Do you have any more info re: calcium, magnesium, and iron and how these affect the overall melt?  And if one were to increase these, I would assume that the KNaO totals need to be decreased some amount?  I'm curious about calcium additions and how that affects green strength, but also how it does in the melt, but I'm not trying to reinvent the wheel here.

[anchorman]

I was curious because with my initial experiments that were on the low end of lacking in feldspar, I dropped a teacup from about waist height on the concrete floor 4-5 times and couldn't get it to break (I was curious what the interior of the body looked like after firing). I had to throw it at the floor in order to get it to finally break open. I wasn't sure it it was a fortunate shape, or if the body was stronger than normal. I'll be refining things a bit over the next month, and was considering minor additions of whiting or dolomite, and also how far I could push it with the redart before problems set in.

 

What are you using as a microscope? I'd be curious to get closer look at the particles in the fired body and see how it changes with different additions to it.

[glazenerd]

A cheap 200x5 USB microscope will work just fine: I use it most of the time. You can pick them up for under $25.

 

 

This is an SAS 23.12 stoneware fired to cone 6. It will give you some indication of what a mature stoneware body looks like. It has over 22.% molar alumina: you can see how much mullite was produced. Most of the 40m Hawthorne was also incorporated into the melt.

 

Nerd

[anchorman]

Modern technology is amazing. And so cheap!

[glazenerd]

I have been making trips to old brick mines across Missouri on and off all spring. This past week, I visited one that had been closed for over a decade. They made dark brown and nearly black bodied bricks: the reason it got my attention.

I collected nearly 600 lbs. directly from the adjacent clay pit. Going to fire this 100 gram test cylinder tomorrow. I suspect the iron level is above 10%, because I can see signs of oxidation on the sample already.  One level cup weighed over 400 grams, as a comparison OM4 weighs 253 grams per cup.
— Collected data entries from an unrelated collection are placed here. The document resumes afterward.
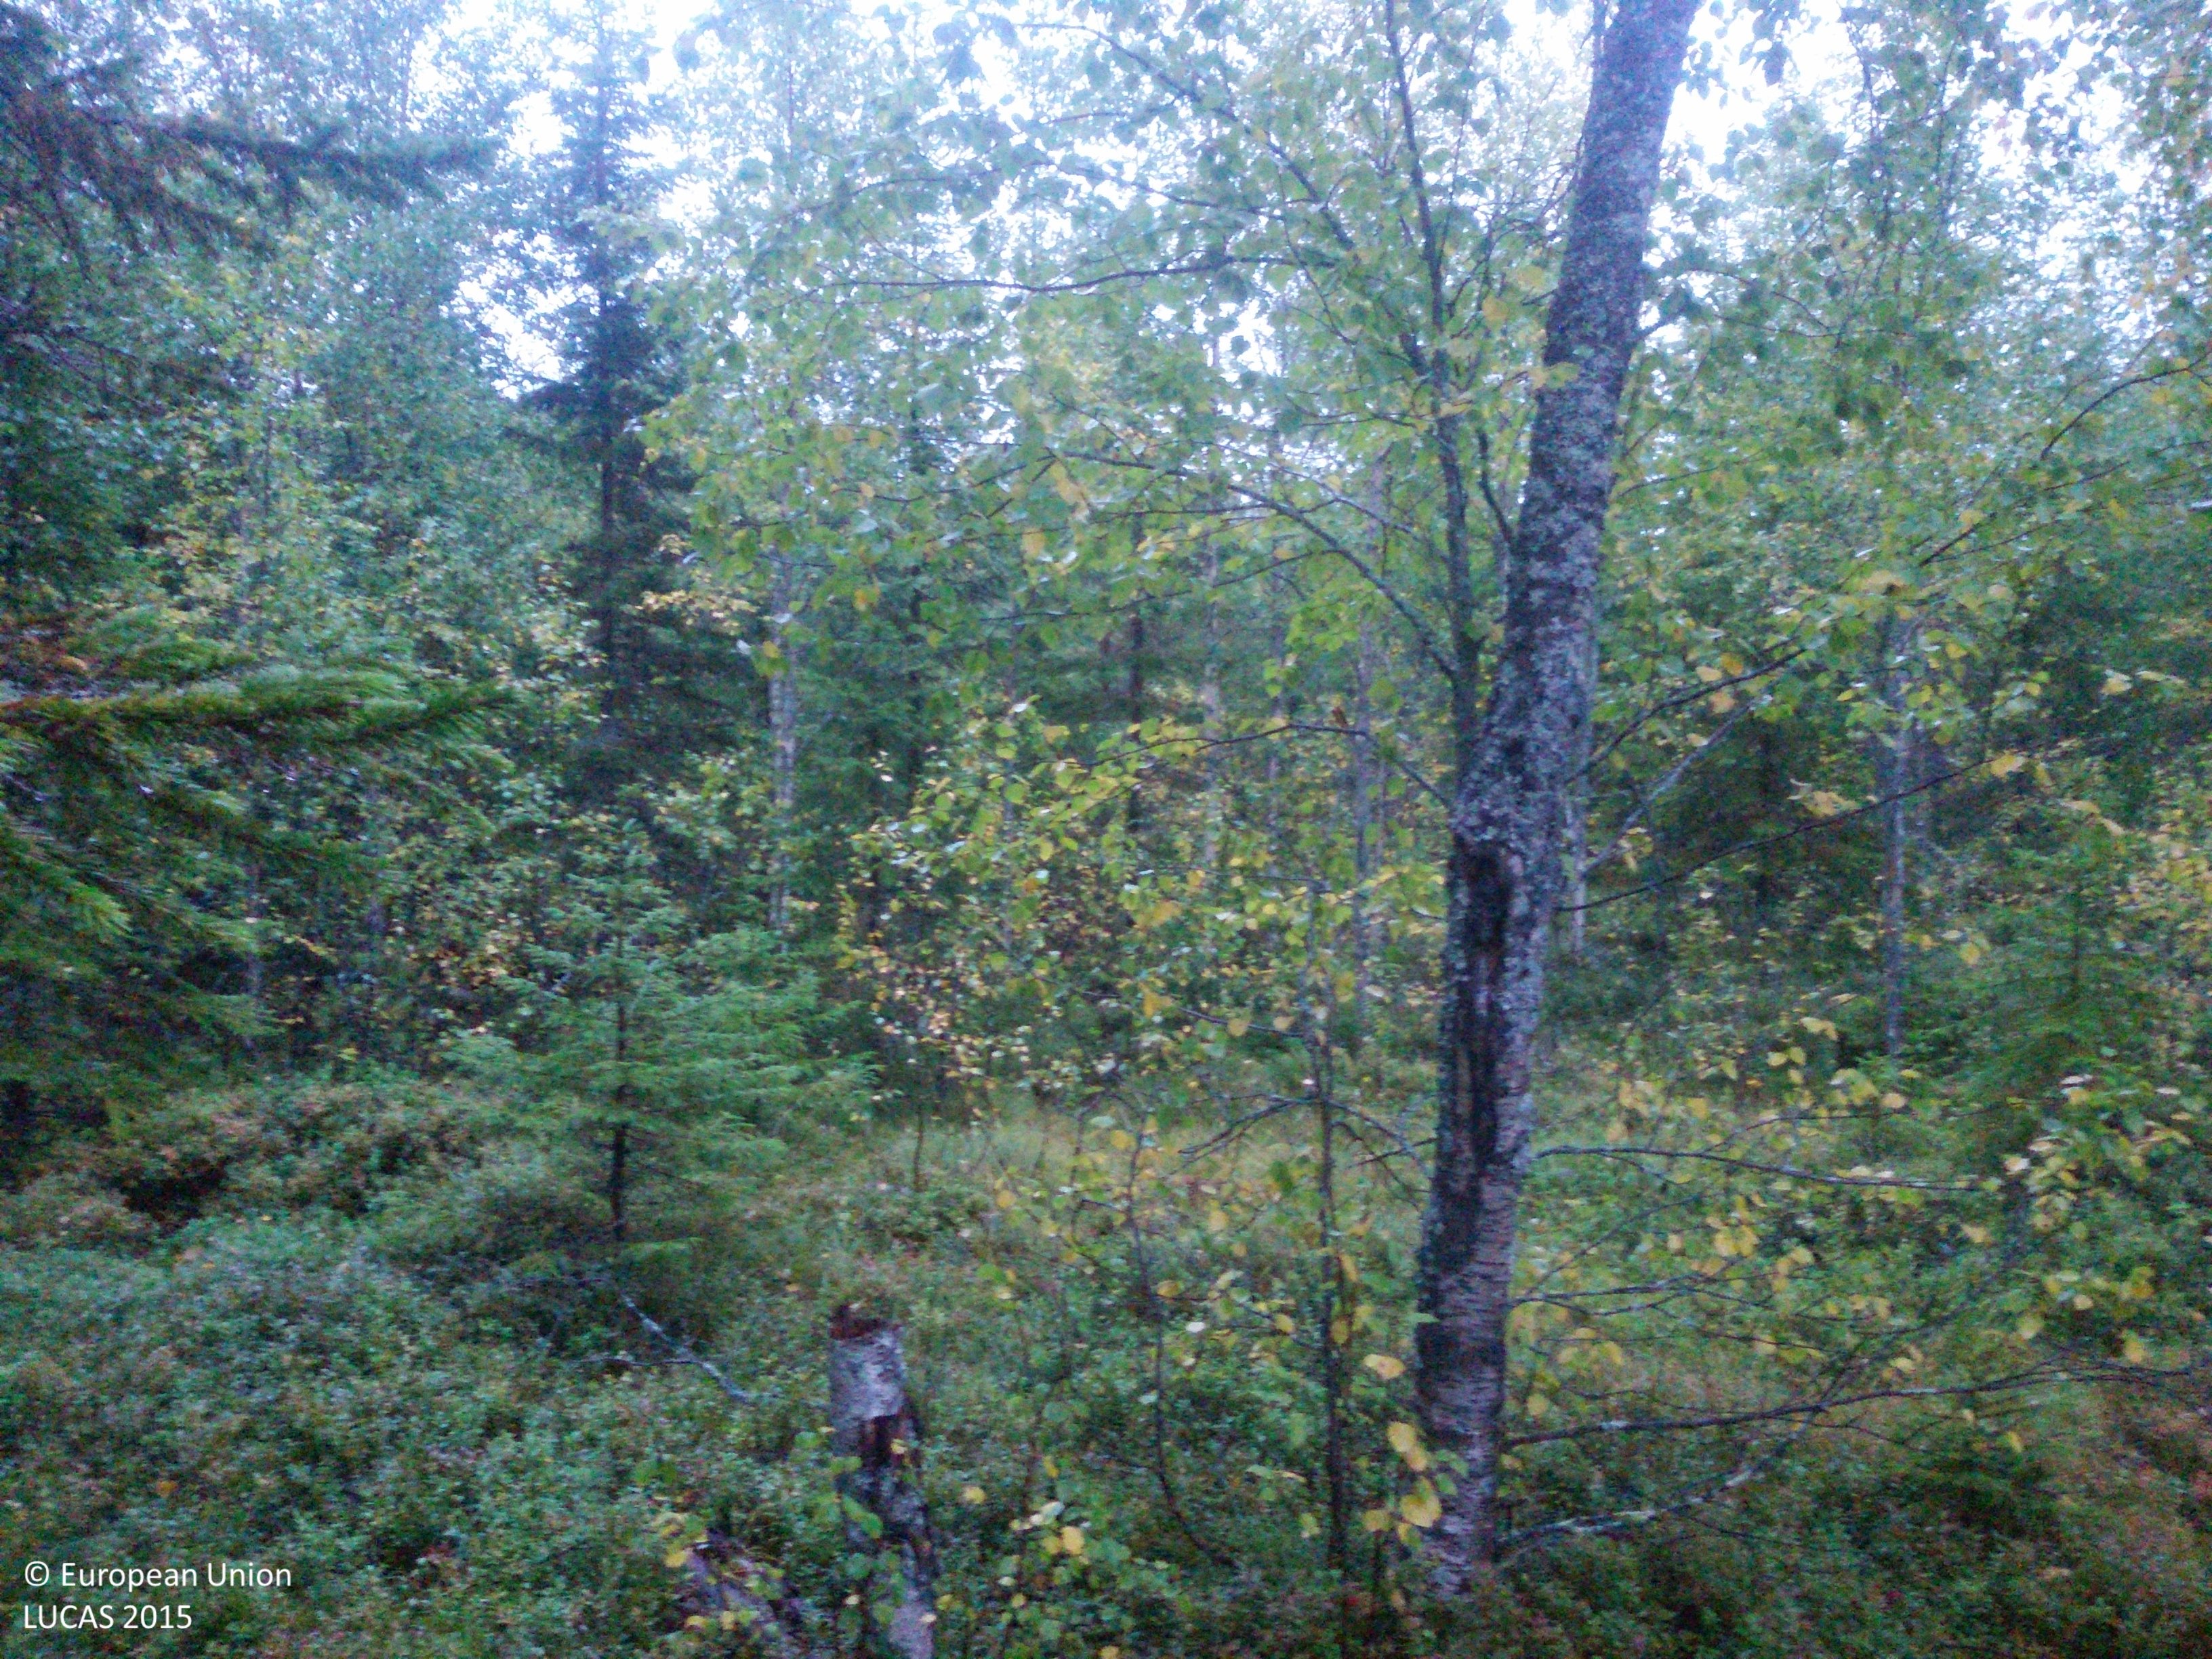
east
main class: Woodland
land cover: Spruce dominated mixed woodland
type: boreal forest
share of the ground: > 75 %
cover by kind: coniferous forest trees 40 %, broadleaved forest trees 30 %, herbaceous plants 20 %, lichens and mosses 10 %
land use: Forestry
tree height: > 5 m
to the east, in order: Spruce dominated mixed woodland; Spruce dominated coniferous woodland; Broadleaved woodland; Rivers and streams; Spruce dominated coniferous woodland; Tracks; Spruce dominated mixed woodland; Spruce dominated coniferous woodland; Pine dominated coniferous woodland
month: September
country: SE
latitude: 60.9810
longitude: 14.2928

This is a ball clay by the way, it is not fire clay.

nerd

[glazenerd]

Cone 6 firing to 2232F, no hold produced this:

 

 

50% raw clay, 25% silica! and 25% potash spar. One area has a coat of temmuko, then a raw area that self glazed, then a coat of white on the back that looks nasty. So there has to be a fair amount of spar in the clay: it self-glazed in the raw areas. Now I tend to think there is more than 12% iron! with a fair amount of titanium. At this point I am content enough to have a raw sample analyzed.

nerd

[terrim8]

looks like the old salt glazed field drainage things!

[Callie Beller Diesel]

It's a bit slumped, and I wonder if it's on the edge of bloating.